This, said Frank, was “the same mistake [President Bill] Clinton made.” Although Obama succeeded where Clinton had failed, his success begat precisely the same political outcome as Clinton’s failure: Democrats got creamed at the ballot box the following November. Averred Frank, “I think we paid a terrible price for health care.”
In 1994, following Clinton’s attempt at a blatant government takeover of the healthcare sector, Republicans took both houses of Congress and won a large number of state and local elections as well. In 2010, after the passage of ObamaCare, Republicans took 66 seats in the House of Representatives, giving them control of that chamber once again. A study in the journal American Politics Research concluded that Democrats’ support for ObamaCare was a significant factor in their defeat.
Frank claims to have seen this coming. “I would not have pushed [healthcare reform] as hard,” he told New York. “As a matter of fact, after Scott Brown won, I suggested going back. I would have started with financial reform” — which he also got in the form of the monstrous Dodd-Frank financial act — “but certainly not health care.”
Despite his misgivings about the political fallout from ObamaCare, Frank “didn’t think it was a big enough mistake to vote against,” Michelle Malkin observed.
Republicans were quick to pounce on Frank’s comments. The National Republican Congressional Committee issued a press release stating, “Even Barney Frank admits that ObamaCare has been a disaster.”
Frank fired back, accusing Republicans of “twisting” his words for political gain. “No, I have no issue with the subject matter of the bill itself,” Frank told Talking Points Memo. “I was just commenting on the politics. And I was saying it was a mistake to have done it first.”
A fair reading of the Congressman’s remarks bears out his contention. Nowhere did he state that ObamaCare was a bad idea. Indeed, in the full transcript of the New York interview he said he believes that “as the health-care bill goes forward, it will be less and less plausible that it was doing any damage to anybody, and more and more people will be seeing the benefits of it.” He merely argued that it cost his party politically.
Why did passing ObamaCare harm Democrats? In Frank’s opinion, it is because the upper and middle classes are greedy and don’t want to help the poor:
The problem with health care is this: Health care is enormously important to people. When you tell them that you’re going to extend health care to people who don’t now have it, they don’t see how you can do that without hurting them. So I think [Obama] underestimated, as did Clinton, the sensitivity of people to what they see as an effort to make them share the health care with poor people.
This, by and large, is nonsense. Frank is right that people get nervous when the government is tampering with something as significant as their healthcare, but opposition to ObamaCare has not been predicated on its extending coverage to the poor (except insofar as doing so adds to the mountain of federal debt). Most opponents have objected to being forced to purchase health insurance; the case currently before the Supreme Court, for example, challenges the law’s constitutionality on the basis of the individual mandate. Others are concerned about the myriad rules and regulations contained in the law and issued on the basis of it, many of which are highly intrusive and some of which (e.g., the contraceptive coverage mandate) impinge on their religious freedom.

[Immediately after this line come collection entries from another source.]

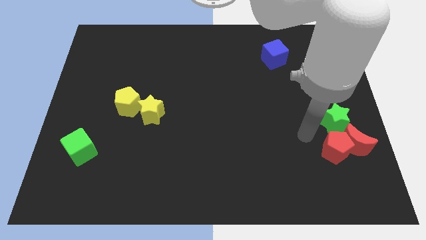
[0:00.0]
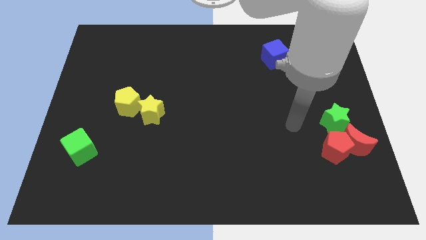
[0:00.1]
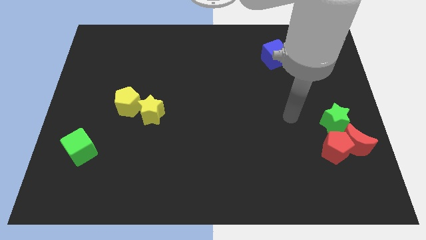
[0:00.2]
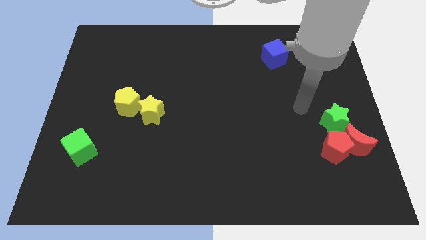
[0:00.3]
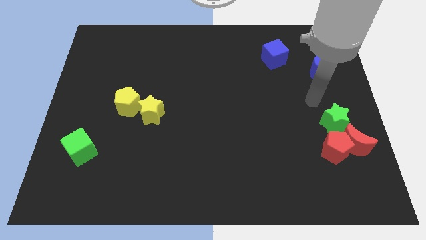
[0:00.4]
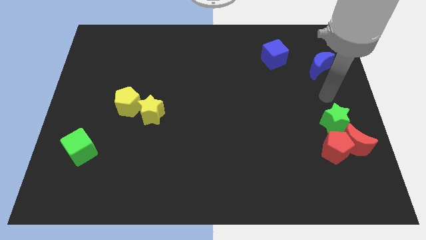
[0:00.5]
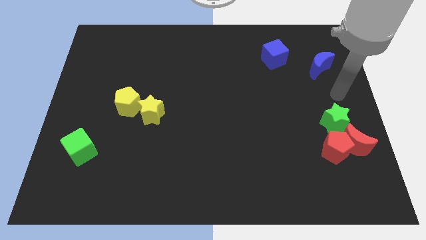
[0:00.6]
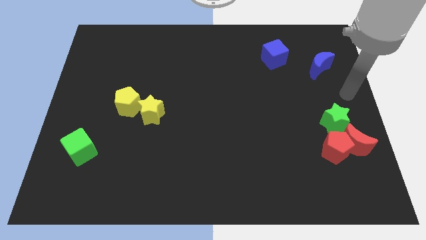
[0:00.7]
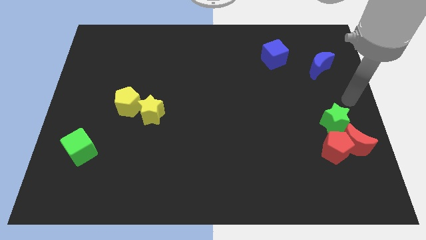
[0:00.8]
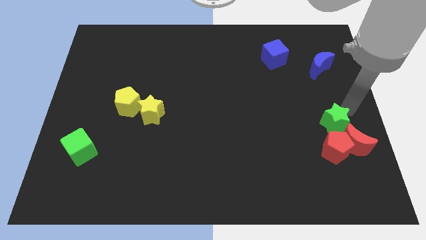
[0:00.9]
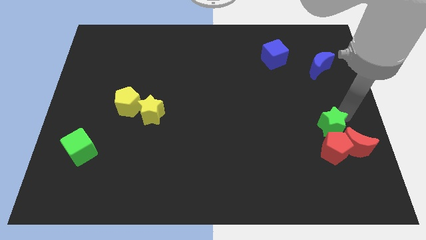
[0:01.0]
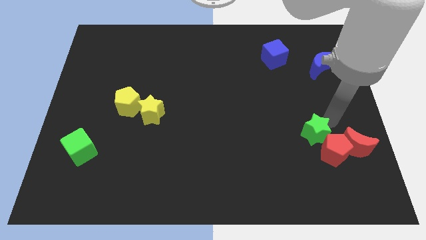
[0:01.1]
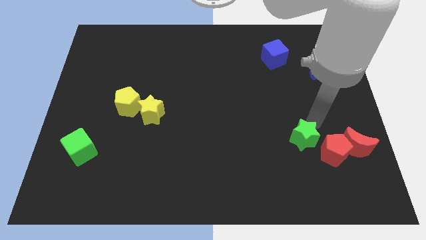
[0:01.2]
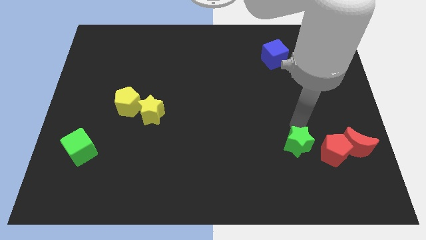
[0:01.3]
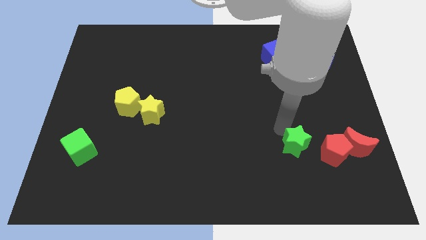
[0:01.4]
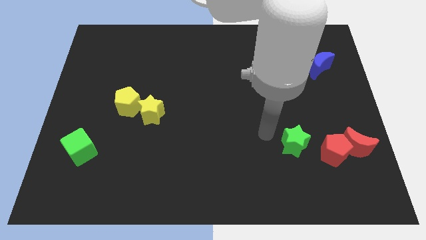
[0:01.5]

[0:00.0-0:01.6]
separate the green star from red blocks

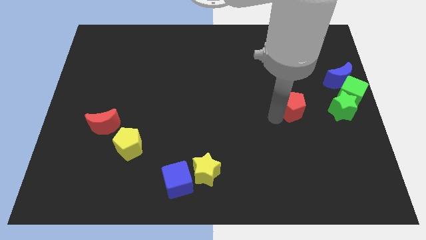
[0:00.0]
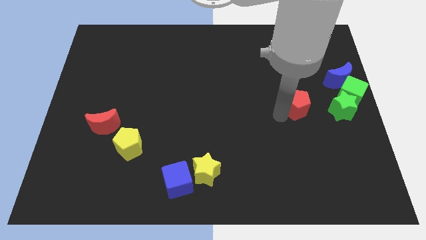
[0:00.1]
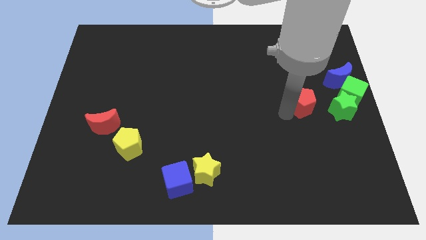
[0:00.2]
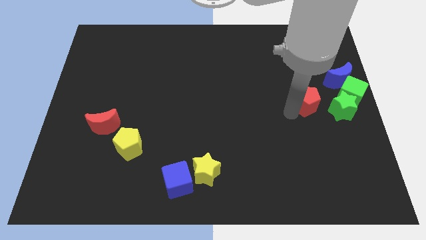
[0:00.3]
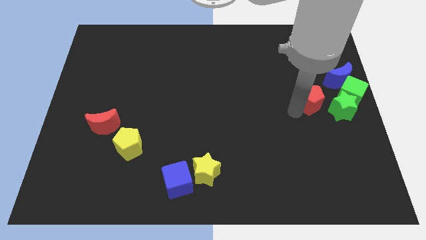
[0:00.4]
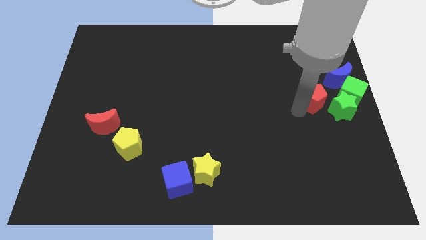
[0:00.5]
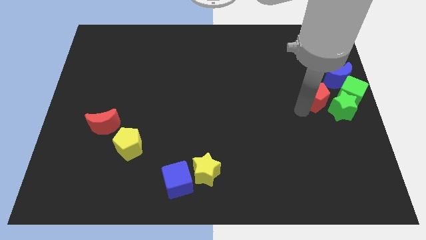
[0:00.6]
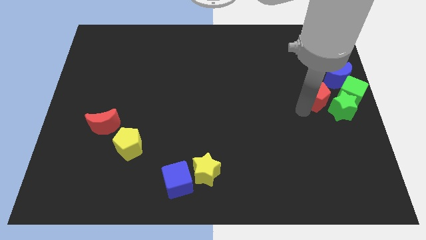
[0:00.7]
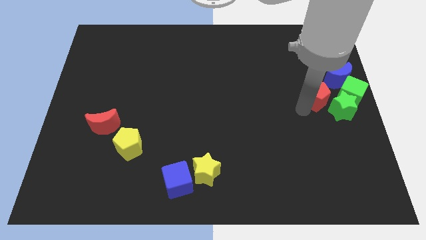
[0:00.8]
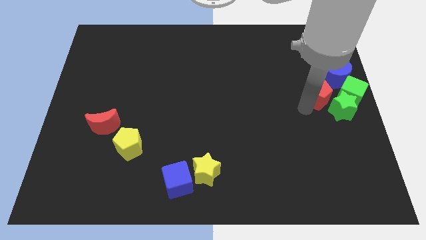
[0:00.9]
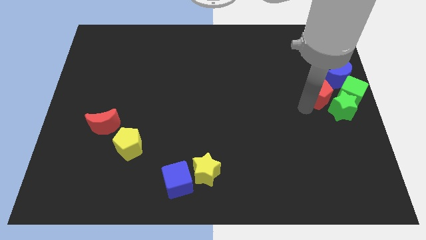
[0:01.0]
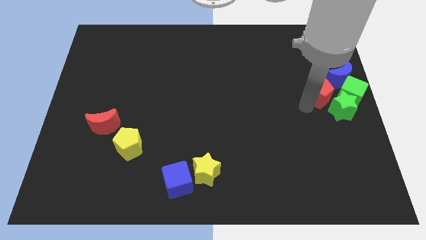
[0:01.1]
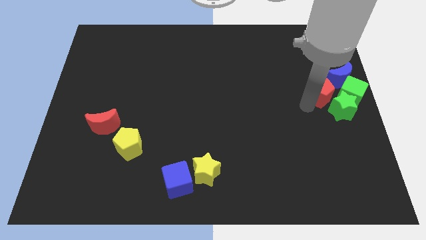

Nevertheless, “the overall problem [Frank] identifies makes sweeping market-oriented reforms difficult too,” wrote Forbes’ Avik Roy. That is, just as taking over the entire healthcare sector in one fell swoop was bad politics because it unnerved people, so might repealing ObamaCare, Medicare, or any other major entitlement be.
Frank himself said that he thought Democrats “could have gotten some pieces of” ObamaCare before 2012 if they had passed financial reform first and then tackled healthcare. This is, in fact, how much of the welfare state has been built: incrementally, not with big, headline-making programs.
It may well be, therefore, that the welfare state would most easily be dismantled in the same fashion. Unfortunately, few in Washington are talking about dismantling it at all. Republicans promise to “shore up” entitlements and to “repeal and replace” ObamaCare — and are promptly vilified by Democrats as those who would end Social Security or Medicaid and leave seniors and the poor to die in the streets. Both parties speak of vague cuts to the federal budget, but those are always mere reductions in the rate of increase — and invariably years down the line. White House Chief of Staff Jacob Lew summed up the Beltway consensus well when he told Meet the Press that “the time for austerity is not today.” In Washington, it never is.
The longer the welfare state is permitted to metastasize, however, the more difficult incremental reductions become and the more likely the whole edifice will have to be cashiered because Uncle Sam is simply broke. At that point, politics will be forced to give way to reality, and everyone will wish politicians — and the people who elected them — had had the guts to rein in entitlements slowly rather than have them coming crashing down all at once. And as long as Barney Frank is saying ObamaCare was a mistake, what better place to start hacking away at Leviathan than by repealing — and not replacing — that unconstitutional behemoth?